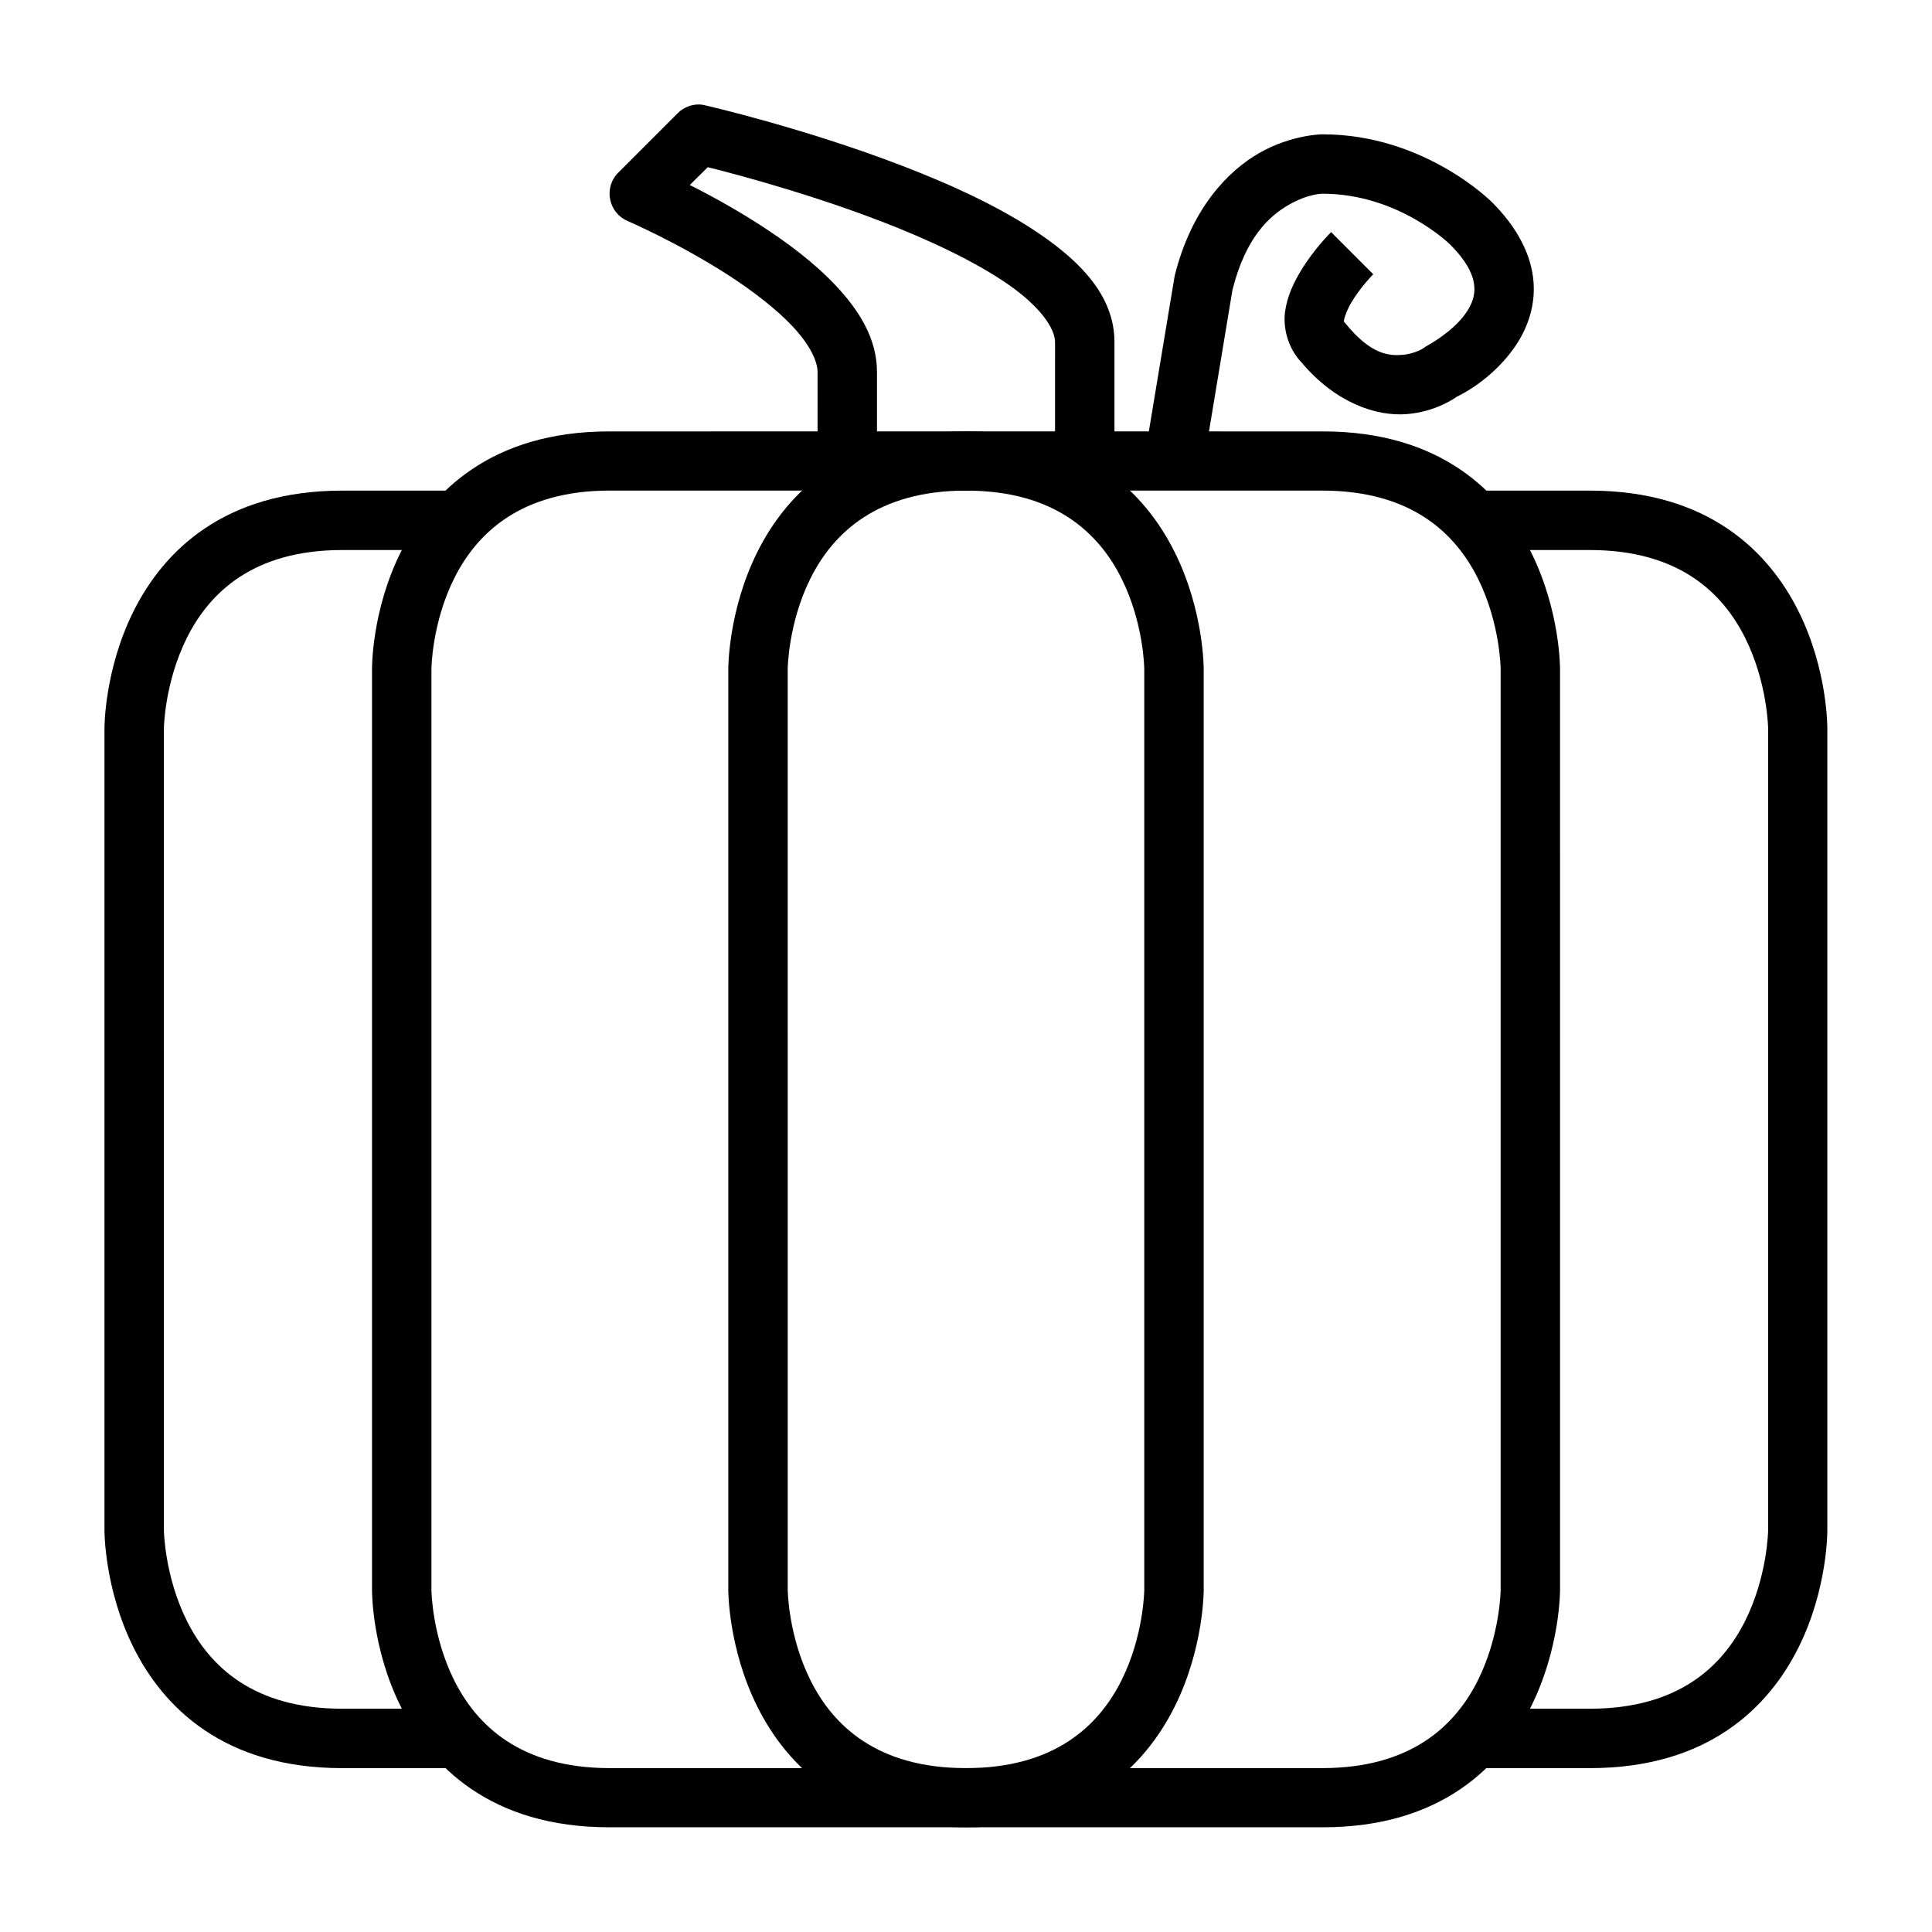 <?xml version="1.0" encoding="UTF-8"?>
<!-- Uploaded to: SVG Repo, www.svgrepo.com, Generator: SVG Repo Mixer Tools -->
<svg fill="#000000" width="800px" height="800px" version="1.1" viewBox="144 144 512 512" xmlns="http://www.w3.org/2000/svg">
 <g>
  <path d="m400 258.33c-31.492 0.027-47.438 16.25-55.266 31.902-7.824 15.656-7.727 31.031-7.727 31.031v244.06s-0.098 15.379 7.731 31.031c7.828 15.652 23.77 31.902 55.262 31.902 31.484 0 47.438-16.25 55.262-31.902 7.828-15.652 7.731-31.031 7.731-31.031l-0.004-244.06s0.098-15.379-7.731-31.031c-7.824-15.652-23.773-31.93-55.258-31.902zm0 15.691c23.613-0.027 35.25 11.348 41.199 23.246s6.043 24 6.043 24v244.06s-0.094 12.102-6.043 24-17.59 23.246-41.199 23.246c-23.621 0-35.25-11.348-41.199-23.246-5.949-11.898-6.043-24-6.043-24l-0.004-244.07s0.094-12.102 6.043-24c5.949-11.898 17.582-23.219 41.199-23.246z"/>
  <path d="m305.52 258.33c-31.473-0.031-47.445 16.25-55.273 31.902s-7.656 31.027-7.656 31.027v244.06s-0.172 15.375 7.656 31.027c7.828 15.652 23.801 31.934 55.273 31.902h188.98c31.457 0.031 47.371-16.25 55.195-31.902 7.828-15.652 7.734-31.027 7.734-31.027l-0.004-244.06s0.094-15.375-7.734-31.027c-7.824-15.652-23.738-31.934-55.195-31.902-0.031-0.031-188.98 0-188.98 0zm0 15.684h188.98c23.586 0.031 35.195 11.348 41.145 23.246 5.949 11.898 6.043 24 6.043 24v244.06s-0.094 12.102-6.043 24c-5.949 11.898-17.559 23.215-41.145 23.246l-188.98 0.004c-23.602-0.031-35.195-11.348-41.145-23.246s-6.043-24-6.043-24v-244.07s0.094-12.102 6.043-24c5.949-11.898 17.543-23.215 41.145-23.246z"/>
  <path d="m533.83 274.02v15.746h31.496c23.602 0 35.191 11.348 41.141 23.246 5.949 11.898 6.102 24 6.102 24v212.57s-0.152 12.102-6.102 24-17.543 23.246-41.141 23.246h-31.496v15.746h31.496c31.473 0 47.438-16.25 55.262-31.902 7.828-15.652 7.672-31.09 7.672-31.09v-212.57s0.156-15.434-7.672-31.09c-7.828-15.652-23.789-31.902-55.262-31.902z"/>
  <path d="m234.68 274.02c-31.48 0-47.438 16.25-55.262 31.902-7.828 15.652-7.731 31.09-7.731 31.09v212.57s-0.098 15.434 7.731 31.09c7.828 15.652 23.781 31.902 55.262 31.902h31.496v-15.746h-31.496c-23.609 0-35.191-11.348-41.141-23.246-5.949-11.898-6.102-24-6.102-24l-0.004-212.57s0.152-12.102 6.102-24c5.949-11.898 17.535-23.246 41.141-23.246h31.5v-15.746z"/>
  <path d="m329.34 171.69c-2.156-0.047-4.234 0.793-5.754 2.324l-15.746 15.746c-3.922 3.93-2.652 10.574 2.441 12.785 0 0 13.332 5.754 26.441 14.18 6.555 4.211 12.98 9.117 17.434 13.887s6.508 9.129 6.508 11.973l-0.004 23.594h15.75v-23.594c0-8.965-4.871-16.422-10.75-22.723-5.883-6.301-13.234-11.742-20.457-16.387-9.418-6.055-18.406-10.441-18.406-10.441l4.766-4.723s23.043 5.539 45.953 14.352c12.465 4.793 24.832 10.598 33.531 16.621 8.695 6.019 12.551 11.793 12.551 15.398l-0.004 31.496h15.75v-31.496c0-12.137-8.859-21.094-19.352-28.359-10.492-7.262-23.723-13.316-36.844-18.363-26.238-10.094-52.238-16.039-52.238-16.039-0.516-0.129-1.039-0.207-1.57-0.234z"/>
  <path d="m494.49 179.59s-8.164 0.043-16.734 4.938c-8.57 4.898-18.047 14.941-22.43 32.484-0.047 0.211-0.086 0.426-0.117 0.641l-7.844 47.242 15.516 2.559 7.731-46.605c3.488-13.945 9.785-19.629 14.992-22.605 5.207-2.977 8.891-2.906 8.891-2.906 20.117 0 33.762 13.422 33.762 13.422 4.977 4.977 6.25 8.578 6.449 11.156 0.199 2.582-0.664 4.859-2.383 7.266-3.438 4.812-9.879 8.312-9.879 8.312-0.387 0.199-0.758 0.434-1.105 0.695 0 0-2.172 1.582-5.812 1.859-3.637 0.277-8.352-0.215-14.934-8.309-0.18-0.223-0.375-0.438-0.578-0.637-0.113-0.113 0.043 0.629 0.176-0.289 0.133-0.922 0.875-2.894 2.035-4.824 2.316-3.859 5.695-7.32 5.695-7.32l-11.156-11.156s-4.488 4.363-8.078 10.344c-1.793 2.988-3.519 6.445-4.125 10.691-0.59 4.137 0.652 9.551 4.242 13.367 9.07 10.836 19.855 14.445 27.895 13.832 7.894-0.605 13.055-4.383 13.422-4.648 0.695-0.332 8.902-4.18 15.051-12.785 3.203-4.484 5.769-10.594 5.231-17.609-0.539-7.012-4.152-14.262-10.984-21.094 0 0-17.805-18.016-44.918-18.016z"/>
 </g>
</svg>

== WHAT YOU HAVE TO DO ==
Nothing but the text of the listing should be set down, exactly, with the pictures left behind.

== WRITTEN ANSWER ==
 <?xml version="1.0" encoding="UTF-8"?>
<!-- Uploaded to: SVG Repo, www.svgrepo.com, Generator: SVG Repo Mixer Tools -->
<svg fill="#000000" width="800px" height="800px" version="1.1" viewBox="144 144 512 512" xmlns="http://www.w3.org/2000/svg">
 <g>
  <path d="m400 258.33c-31.492 0.027-47.438 16.25-55.266 31.902-7.824 15.656-7.727 31.031-7.727 31.031v244.06s-0.098 15.379 7.731 31.031c7.828 15.652 23.77 31.902 55.262 31.902 31.484 0 47.438-16.25 55.262-31.902 7.828-15.652 7.731-31.031 7.731-31.031l-0.004-244.06s0.098-15.379-7.731-31.031c-7.824-15.652-23.773-31.93-55.258-31.902zm0 15.691c23.613-0.027 35.25 11.348 41.199 23.246s6.043 24 6.043 24v244.06s-0.094 12.102-6.043 24-17.59 23.246-41.199 23.246c-23.621 0-35.25-11.348-41.199-23.246-5.949-11.898-6.043-24-6.043-24l-0.004-244.07s0.094-12.102 6.043-24c5.949-11.898 17.582-23.219 41.199-23.246z"/>
  <path d="m305.52 258.33c-31.473-0.031-47.445 16.25-55.273 31.902s-7.656 31.027-7.656 31.027v244.06s-0.172 15.375 7.656 31.027c7.828 15.652 23.801 31.934 55.273 31.902h188.98c31.457 0.031 47.371-16.25 55.195-31.902 7.828-15.652 7.734-31.027 7.734-31.027l-0.004-244.06s0.094-15.375-7.734-31.027c-7.824-15.652-23.738-31.934-55.195-31.902-0.031-0.031-188.98 0-188.98 0zm0 15.684h188.98c23.586 0.031 35.195 11.348 41.145 23.246 5.949 11.898 6.043 24 6.043 24v244.06s-0.094 12.102-6.043 24c-5.949 11.898-17.559 23.215-41.145 23.246l-188.98 0.004c-23.602-0.031-35.195-11.348-41.145-23.246s-6.043-24-6.043-24v-244.07s0.094-12.102 6.043-24c5.949-11.898 17.543-23.215 41.145-23.246z"/>
  <path d="m533.83 274.02v15.746h31.496c23.602 0 35.191 11.348 41.141 23.246 5.949 11.898 6.102 24 6.102 24v212.57s-0.152 12.102-6.102 24-17.543 23.246-41.141 23.246h-31.496v15.746h31.496c31.473 0 47.438-16.25 55.262-31.902 7.828-15.652 7.672-31.09 7.672-31.09v-212.57s0.156-15.434-7.672-31.09c-7.828-15.652-23.789-31.902-55.262-31.902z"/>
  <path d="m234.68 274.02c-31.48 0-47.438 16.25-55.262 31.902-7.828 15.652-7.731 31.09-7.731 31.09v212.57s-0.098 15.434 7.731 31.09c7.828 15.652 23.781 31.902 55.262 31.902h31.496v-15.746h-31.496c-23.609 0-35.191-11.348-41.141-23.246-5.949-11.898-6.102-24-6.102-24l-0.004-212.57s0.152-12.102 6.102-24c5.949-11.898 17.535-23.246 41.141-23.246h31.5v-15.746z"/>
  <path d="m329.34 171.69c-2.156-0.047-4.234 0.793-5.754 2.324l-15.746 15.746c-3.922 3.93-2.652 10.574 2.441 12.785 0 0 13.332 5.754 26.441 14.18 6.555 4.211 12.98 9.117 17.434 13.887s6.508 9.129 6.508 11.973l-0.004 23.594h15.75v-23.594c0-8.965-4.871-16.422-10.75-22.723-5.883-6.301-13.234-11.742-20.457-16.387-9.418-6.055-18.406-10.441-18.406-10.441l4.766-4.723s23.043 5.539 45.953 14.352c12.465 4.793 24.832 10.598 33.531 16.621 8.695 6.019 12.551 11.793 12.551 15.398l-0.004 31.496h15.75v-31.496c0-12.137-8.859-21.094-19.352-28.359-10.492-7.262-23.723-13.316-36.844-18.363-26.238-10.094-52.238-16.039-52.238-16.039-0.516-0.129-1.039-0.207-1.57-0.234z"/>
  <path d="m494.49 179.59s-8.164 0.043-16.734 4.938c-8.57 4.898-18.047 14.941-22.43 32.484-0.047 0.211-0.086 0.426-0.117 0.641l-7.844 47.242 15.516 2.559 7.731-46.605c3.488-13.945 9.785-19.629 14.992-22.605 5.207-2.977 8.891-2.906 8.891-2.906 20.117 0 33.762 13.422 33.762 13.422 4.977 4.977 6.25 8.578 6.449 11.156 0.199 2.582-0.664 4.859-2.383 7.266-3.438 4.812-9.879 8.312-9.879 8.312-0.387 0.199-0.758 0.434-1.105 0.695 0 0-2.172 1.582-5.812 1.859-3.637 0.277-8.352-0.215-14.934-8.309-0.18-0.223-0.375-0.438-0.578-0.637-0.113-0.113 0.043 0.629 0.176-0.289 0.133-0.922 0.875-2.894 2.035-4.824 2.316-3.859 5.695-7.32 5.695-7.32l-11.156-11.156s-4.488 4.363-8.078 10.344c-1.793 2.988-3.519 6.445-4.125 10.691-0.59 4.137 0.652 9.551 4.242 13.367 9.07 10.836 19.855 14.445 27.895 13.832 7.894-0.605 13.055-4.383 13.422-4.648 0.695-0.332 8.902-4.18 15.051-12.785 3.203-4.484 5.769-10.594 5.231-17.609-0.539-7.012-4.152-14.262-10.984-21.094 0 0-17.805-18.016-44.918-18.016z"/>
 </g>
</svg>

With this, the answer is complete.